Announcing Beer and Food Tuesdays at St. John’s Wort 4


One of the things that I’m lucky enough to be able to ponder occasionally is beer and food pairing. It’s the kind of thing that I’ve been massively appreciative of in the past, because for the most part, when I experience it, someone else is doing it for me.

I’ve had some of the best meals of my life since I started writing about beer. There’s the annual beer and food pairing dinner at Harbord House. I’ve managed to go to beer dinners at beerbistro, the Monk’s Table and WVRST. I’ve had a vegan meal paired with beer that I found somehow inexplicable. Somewhere in there was a five course beer dinner prepared by Howard Dubrovsky of the now defunct L.A.B. restaurant that was simply incredible.

It’s an interesting situation to be in. It’s very easy to criticize beer and food pairing when someone else does it. It’s also easy to become effusive with praise for something that’s done well. I still periodically wax rhapsodic about a seafood chowder that was paired with Great Lakes’ No Chance With Miranda. It’s easy to be objective about what works and whether a certain component was superfluous when someone else is back in the kitchen wiping the rim of the plate.

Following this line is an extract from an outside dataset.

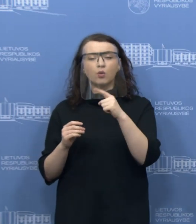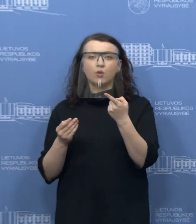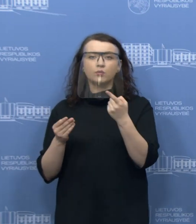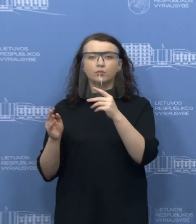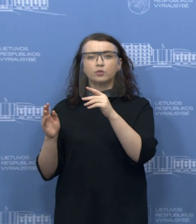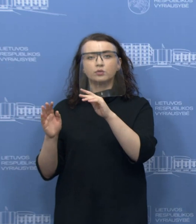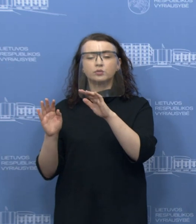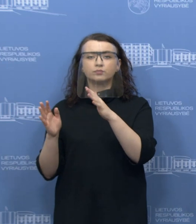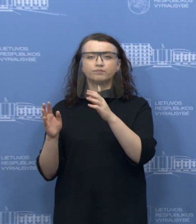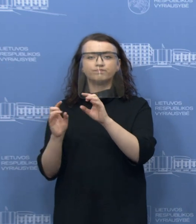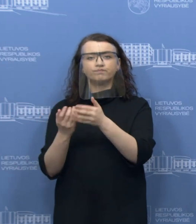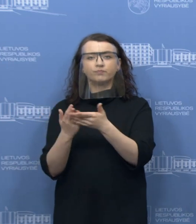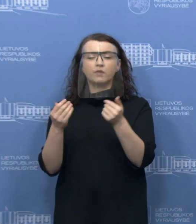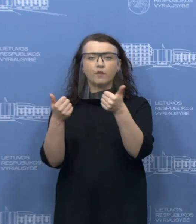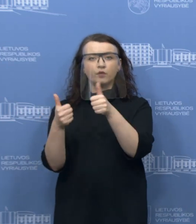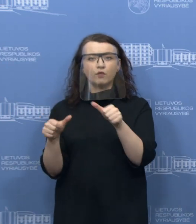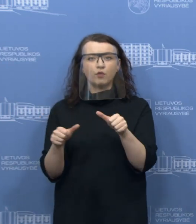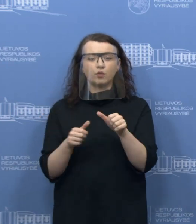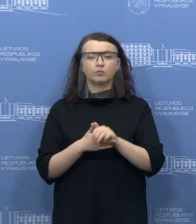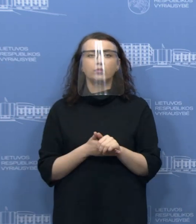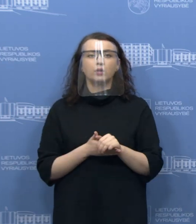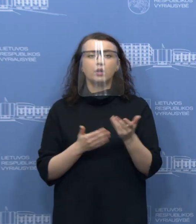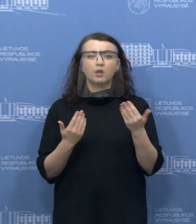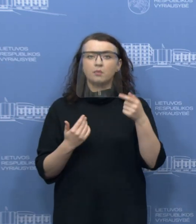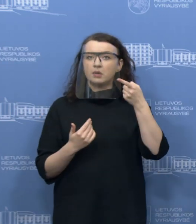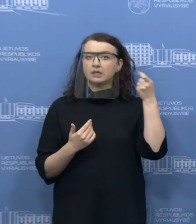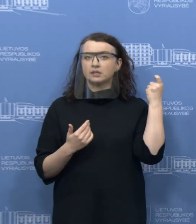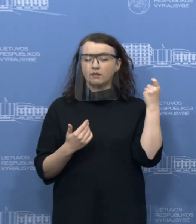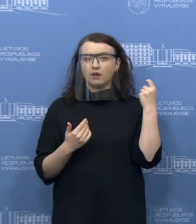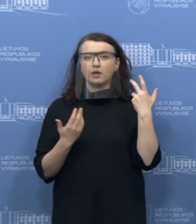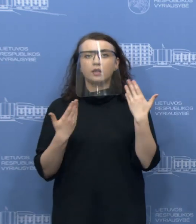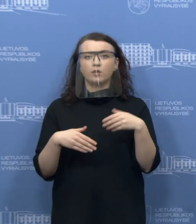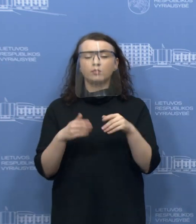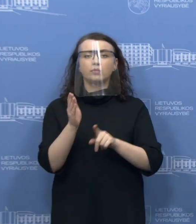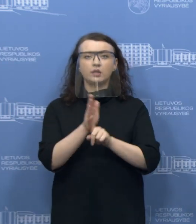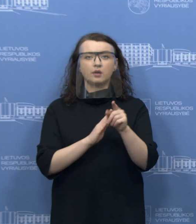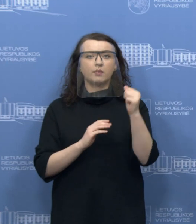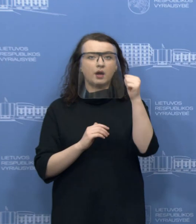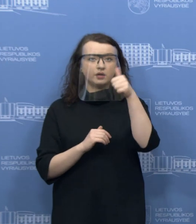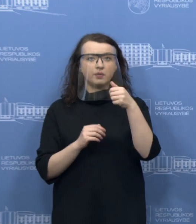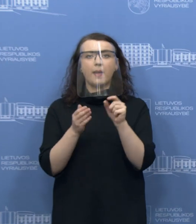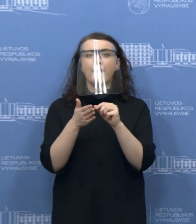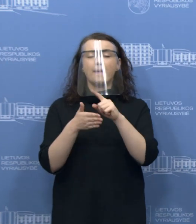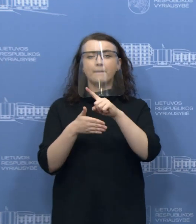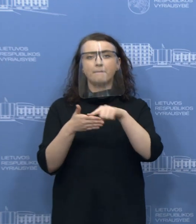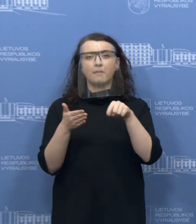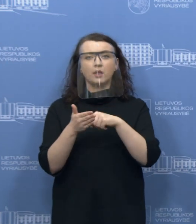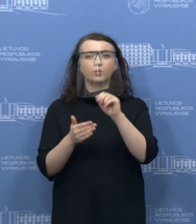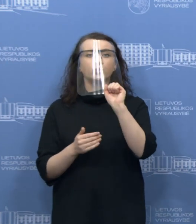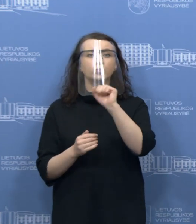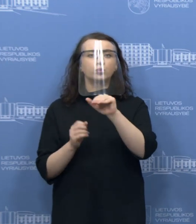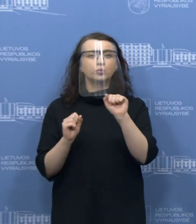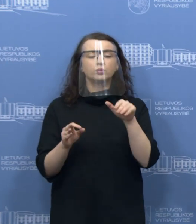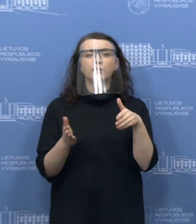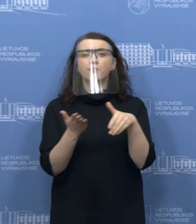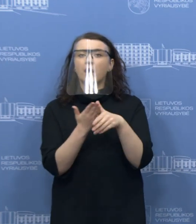Tokioms įmonėms mes jau praėjusią savaitę pradėjome asmeniškai siūsti elektroninių būdų pranešimus, kokios pagalbos

(The most successful dinners I’ve been to are in no small part due to the influence of Greg Clow, whose Canadian Beer Dinner series has been particularly ambitious. Go to the next one, why don’t you? It’ll be awesome! This has been a very cheap plug indeed.)

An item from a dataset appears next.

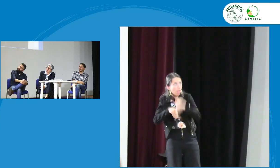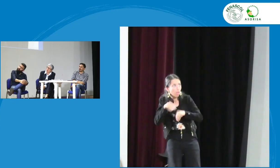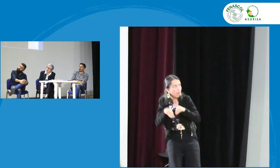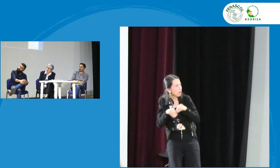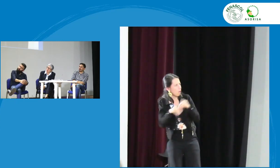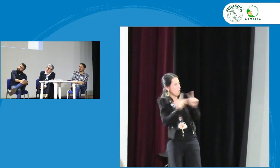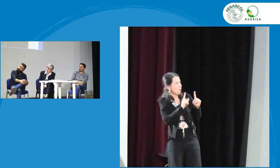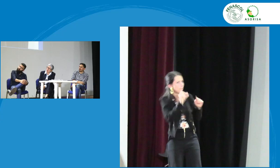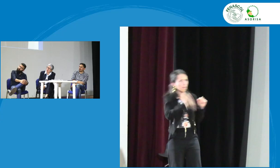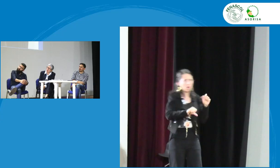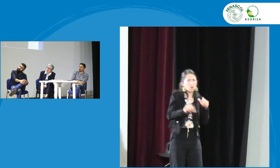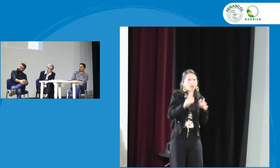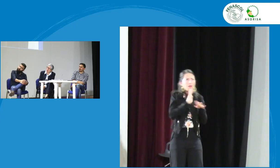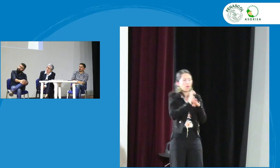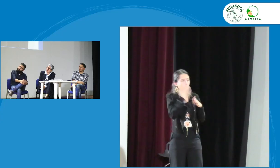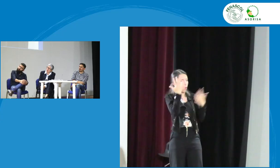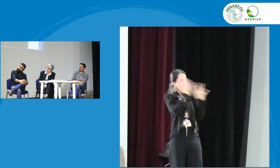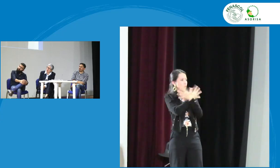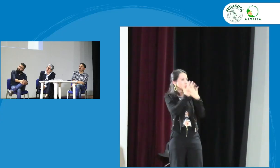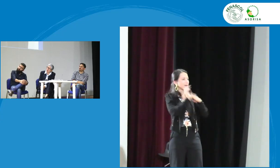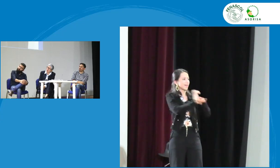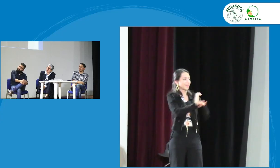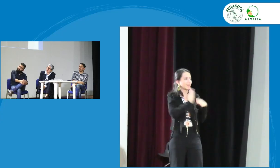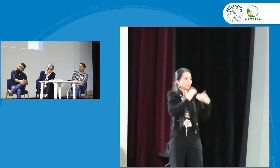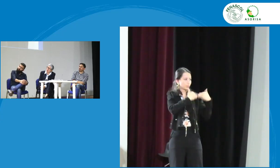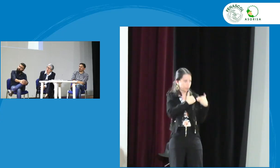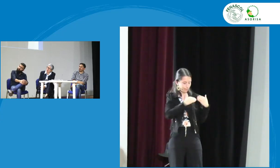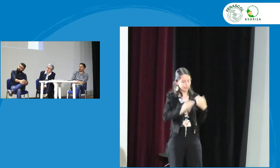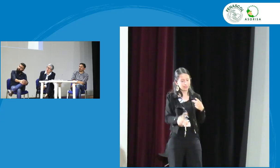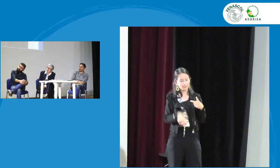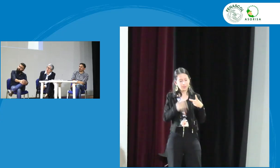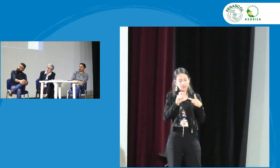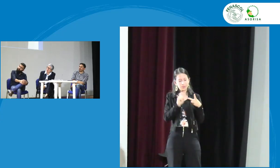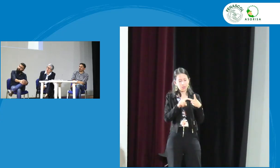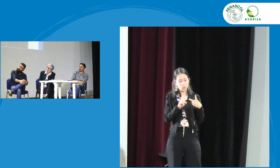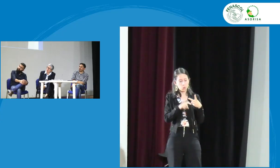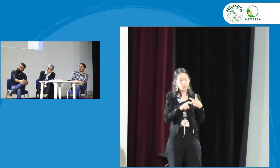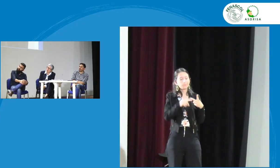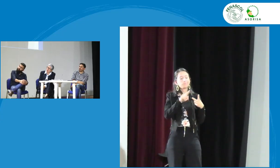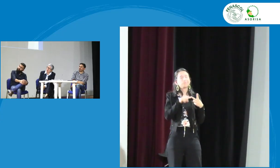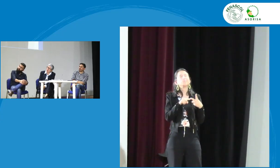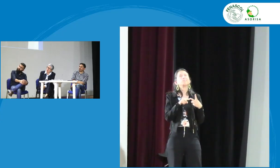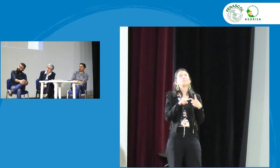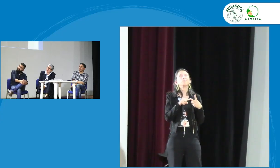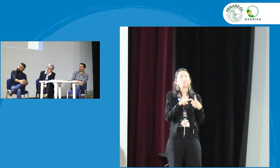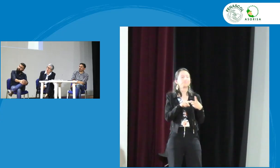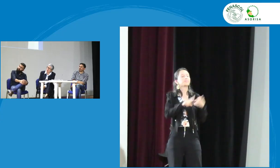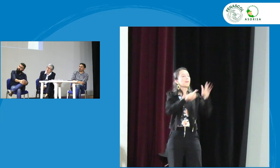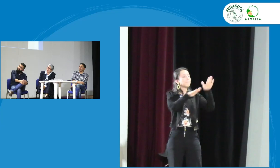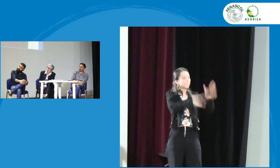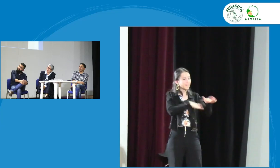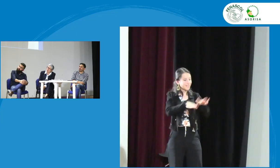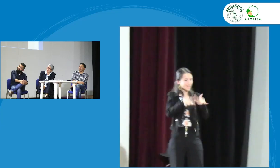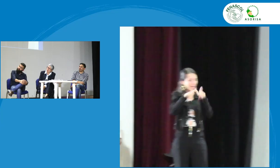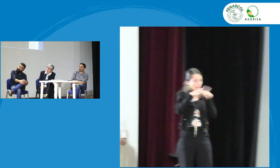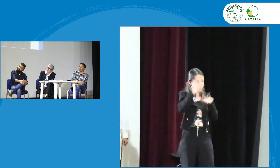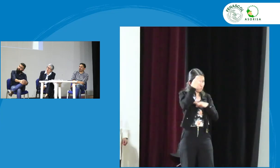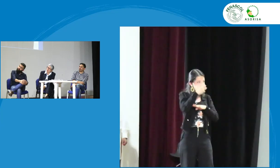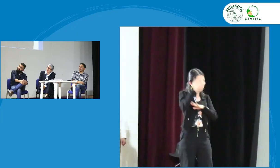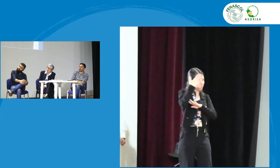ahí empezamos con la falencia porque nosotros empezamos a desarrollar cosas pero no tenemos un ente rector y lo otro

It’s amazing what talented chefs can accomplish when they’re given a specific objective for an evening.

I am not a talented chef. I can cook. A little. Sometimes. Maybe.

I sort of taught myself to cook when I was 17 because the food network was suddenly available. This was back in its heyday when you had shows like Taste with David Rosengarten (who is awesome) and Molto Mario with Mario Batali (Bon vivant and lord of the wooden clog). I shared a particular affinity with Emeril Lagasse, not because he was audience friendly and yelled BAM at things, but because I am a relatively short, chunky man who likes cornbread.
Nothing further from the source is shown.